Rumah - Berita - Rincian

RUU Pengendalian Produk Tembakau dan Sistem Pengiriman Elektronik Baru di Afrika Selatan Telah Menimbulkan Kontroversi di Kalangan Masyarakat dan Dunia Usaha.

RUU Pengendalian Produk Tembakau dan Sistem Pengiriman Elektronik yang baru di Afrika Selatan telah menimbulkan kontroversi di kalangan masyarakat dan dunia usaha. RUU tersebut mengusulkan peraturan baru dan larangan merokok dan rokok elektronik. Undang-undang yang diusulkan mencakup pelarangan pemajangan produk tembakau di toko ritel, termasuk toko khusus tembakau. Produk-produk seperti rokok, cerutu, rokok elektrik, pipa air, dan tembakau yang dipanaskan akan dilarang untuk dipamerkan.

 

Sebuah survei yang dilakukan oleh Clippa Sales dan Casa Tabacs terhadap lebih dari 200 pengecer tembakau di Afrika Selatan mengungkapkan penolakan yang sangat besar terhadap undang-undang baru tersebut, dengan 98% responden tidak setuju dengan usulan larangan pajangan. Pengecer yang disurvei memiliki 1.769 toko dan mempekerjakan 3.194 staf. Selain itu, 99,5% pengecer yang disurvei berpendapat bahwa hukuman yang diajukan yaitu 10 tahun penjara atau denda karena memajang satu bungkus rokok adalah tindakan yang tidak adil.

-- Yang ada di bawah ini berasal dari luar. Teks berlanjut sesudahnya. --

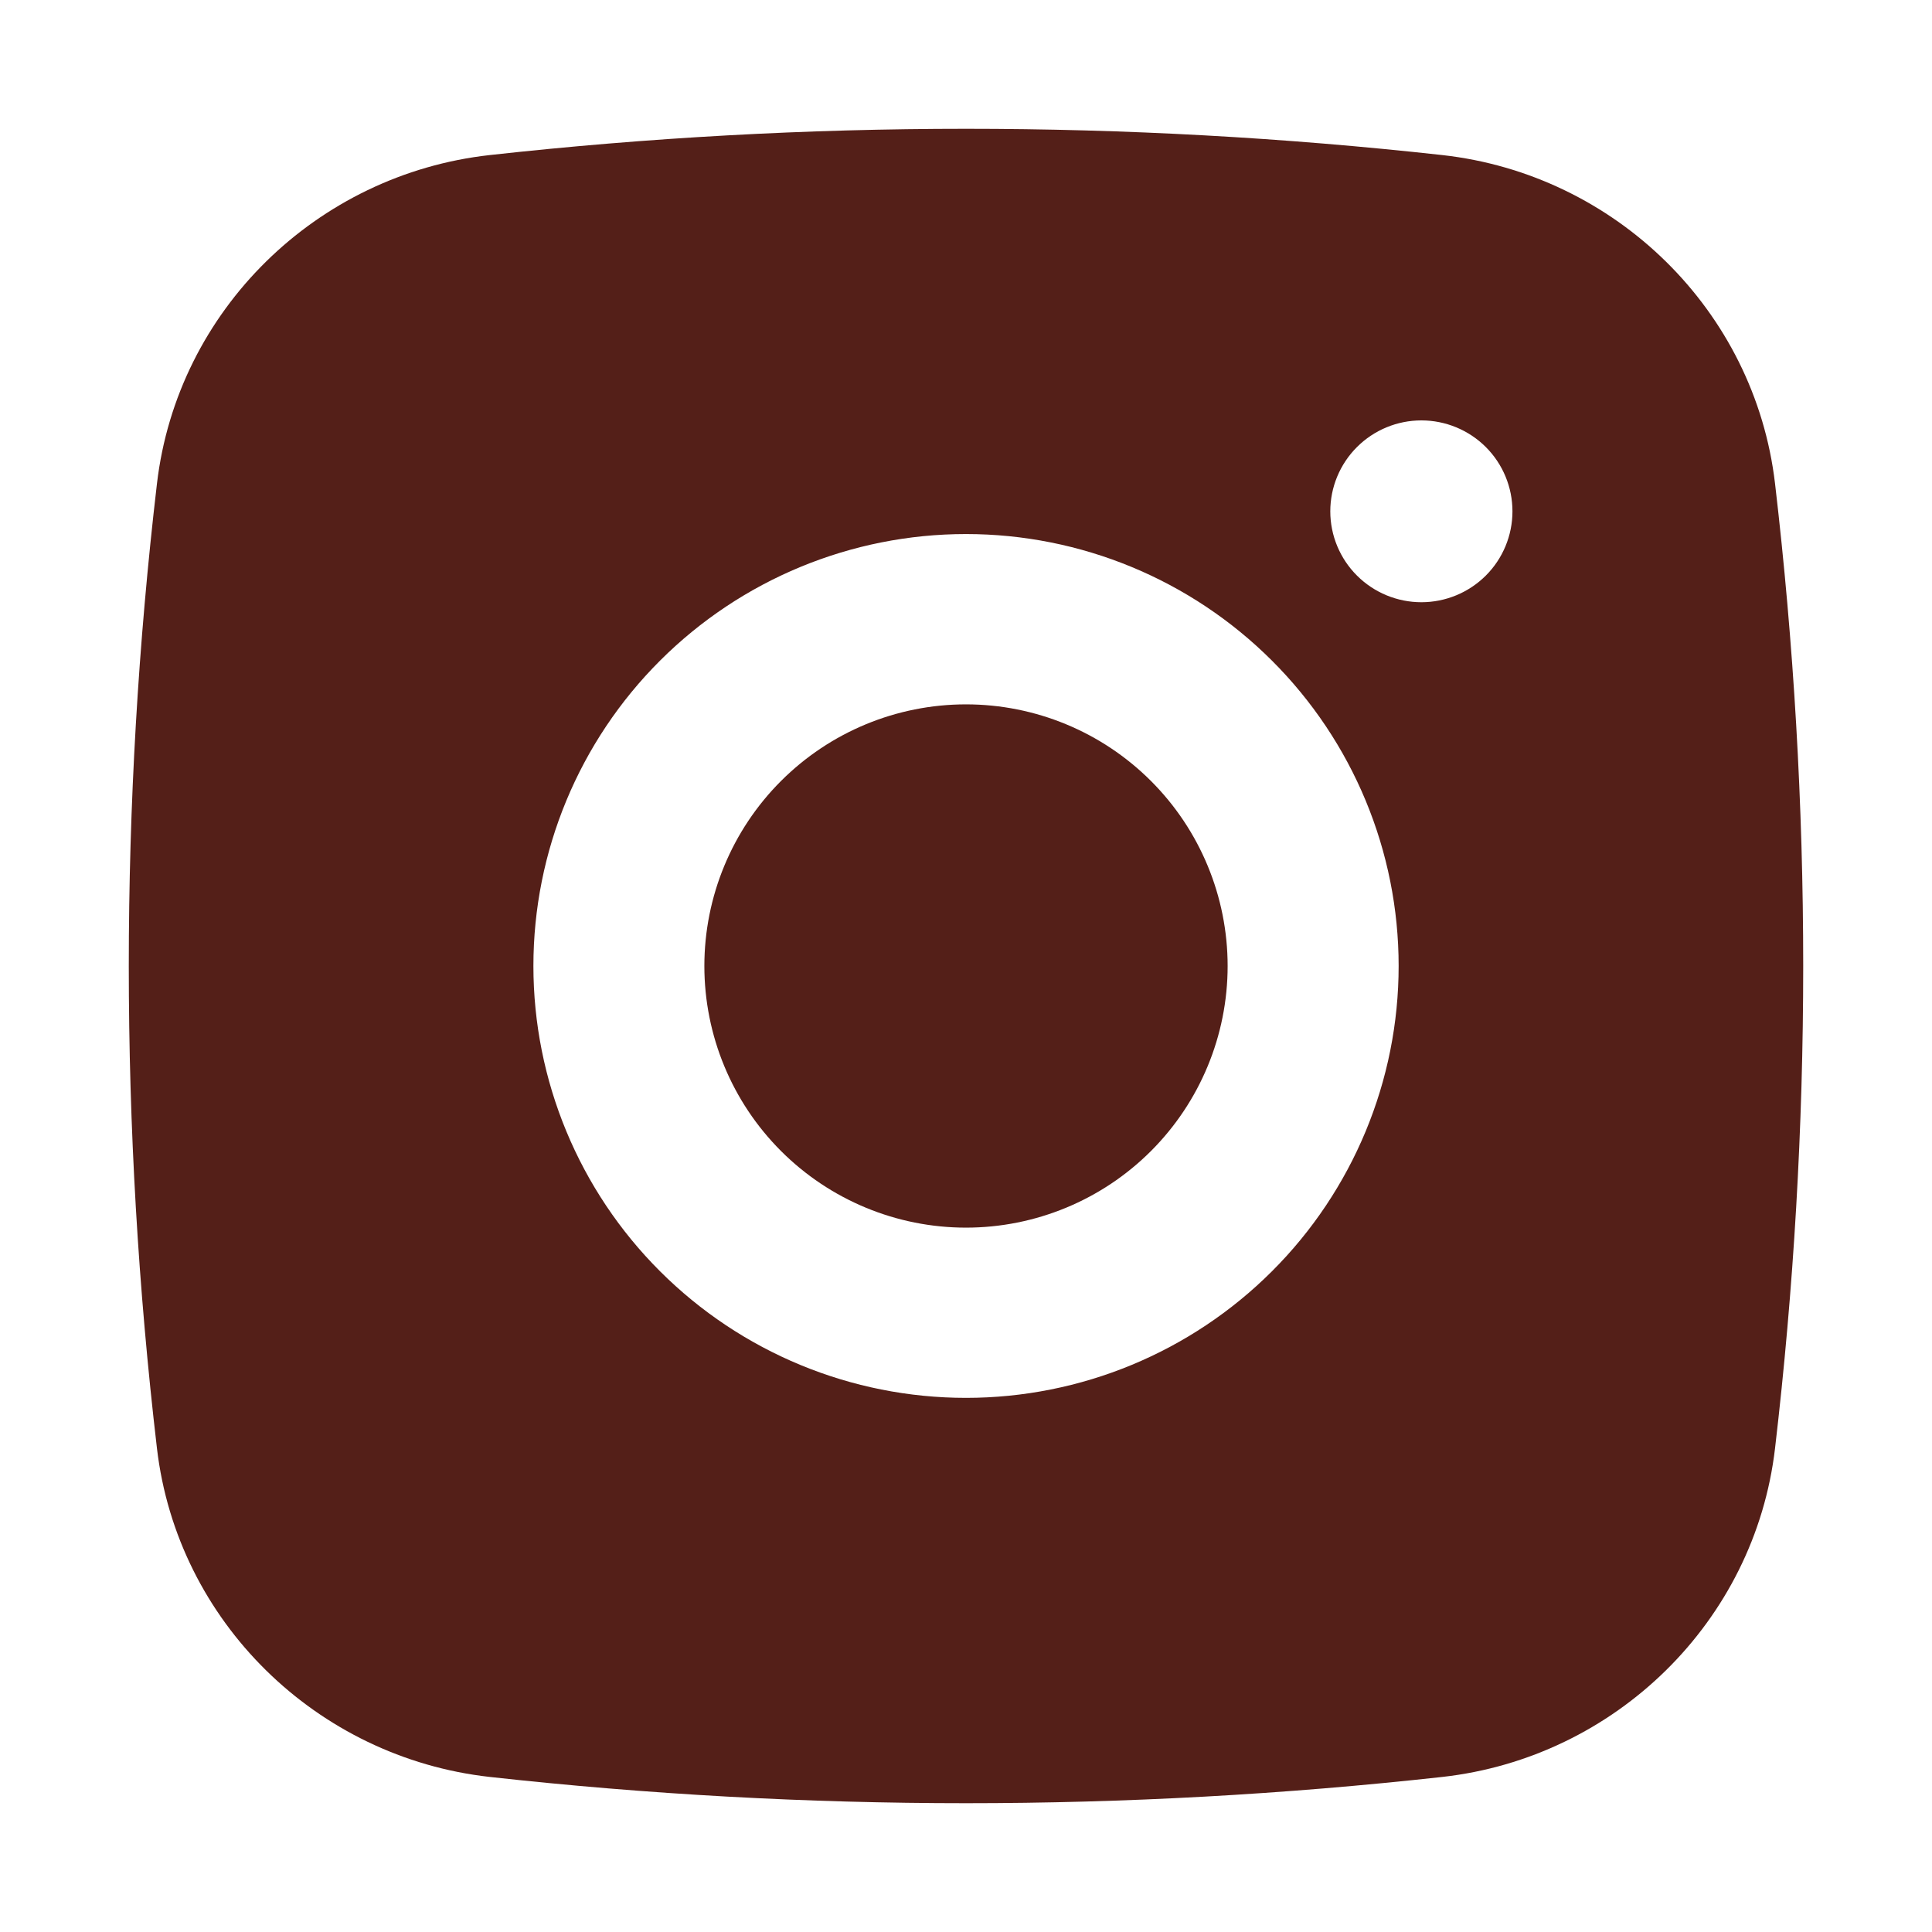 <svg width="45" height="45" viewBox="0 0 45 45" fill="none" xmlns="http://www.w3.org/2000/svg">
<path d="M22.5 16.406C20.884 16.406 19.334 17.048 18.191 18.191C17.048 19.334 16.406 20.884 16.406 22.5C16.406 24.116 17.048 25.666 18.191 26.809C19.334 27.952 20.884 28.594 22.5 28.594C24.116 28.594 25.666 27.952 26.809 26.809C27.952 25.666 28.594 24.116 28.594 22.5C28.594 20.884 27.952 19.334 26.809 18.191C25.666 17.048 24.116 16.406 22.5 16.406Z" fill="#541F18"/>
<path fill-rule="evenodd" clip-rule="evenodd" d="M11.405 3.612C18.779 2.796 26.221 2.796 33.595 3.612C37.623 4.061 40.871 7.227 41.344 11.264C42.219 18.728 42.219 26.269 41.344 33.734C40.871 37.771 37.623 40.937 33.597 41.388C26.222 42.204 18.78 42.204 11.405 41.388C7.377 40.937 4.129 37.771 3.656 33.736C2.781 26.271 2.781 18.729 3.656 11.264C4.129 7.227 7.377 4.061 11.405 3.612ZM33.107 9.792C32.544 9.792 32.005 10.015 31.607 10.412C31.209 10.809 30.985 11.348 30.985 11.91C30.985 12.471 31.209 13.01 31.607 13.407C32.005 13.804 32.544 14.027 33.107 14.027C33.669 14.027 34.209 13.804 34.607 13.407C35.005 13.01 35.228 12.471 35.228 11.91C35.228 11.348 35.005 10.809 34.607 10.412C34.209 10.015 33.669 9.792 33.107 9.792ZM12.424 22.499C12.424 19.831 13.485 17.272 15.375 15.386C17.265 13.499 19.828 12.439 22.5 12.439C25.172 12.439 27.735 13.499 29.625 15.386C31.515 17.272 32.577 19.831 32.577 22.499C32.577 25.167 31.515 27.726 29.625 29.612C27.735 31.499 25.172 32.559 22.5 32.559C19.828 32.559 17.265 31.499 15.375 29.612C13.485 27.726 12.424 25.167 12.424 22.499Z" fill="#541F18"/>
</svg>

Undang-undang yang diusulkan ini akan berdampak signifikan tidak hanya pada dunia usaha tetapi juga ribuan pekerja di industri ini. Para pengecer berpendapat bahwa pelarangan pemajangan produk tembakau berpotensi menyebabkan hilangnya pekerjaan. Lebih jauh lagi, mereka mengklaim bahwa larangan menampilkan produk tidak hanya akan berdampak pada penjualan namun juga melanggar hak konsumen untuk memilih dan mengakses informasi mengenai produk.

 

Meskipun ada penolakan dari pengecer dan dunia usaha, pemerintah Afrika Selatan mengklaim bahwa RUU Pengendalian Produk Tembakau dan Sistem Pengiriman Elektronik sangat penting dalam mengurangi masalah kesehatan dan kematian akibat merokok. Penggunaan tembakau di Afrika Selatan telah menyebabkan banyak kematian setiap tahunnya, dan pemerintah percaya bahwa pendekatan yang lebih ketat terhadap pengendalian tembakau diperlukan.

 

Perdebatan seputar usulan undang-undang tersebut masih berlangsung, dan pemerintah saat ini menerima komentar masyarakat mengenai RUU Pengendalian Produk Tembakau dan Sistem Pengiriman Elektronik. Meskipun niat para pembuat undang-undang tersebut sejalan dengan kesehatan masyarakat, para pemilik bisnis dan pengecer berpendapat bahwa undang-undang tersebut akan berdampak negatif pada bisnis mereka, menyebabkan hilangnya pekerjaan dan kesulitan keuangan.

 

Secara keseluruhan, pertarungan antara kesehatan masyarakat dan kepentingan dunia usaha terus berlanjut, dan hasil akhirnya masih belum pasti. Namun, jelas bahwa upaya untuk mengurangi kematian dan penyakit akibat merokok di Afrika Selatan memerlukan keseimbangan kepentingan dan menemukan titik temu.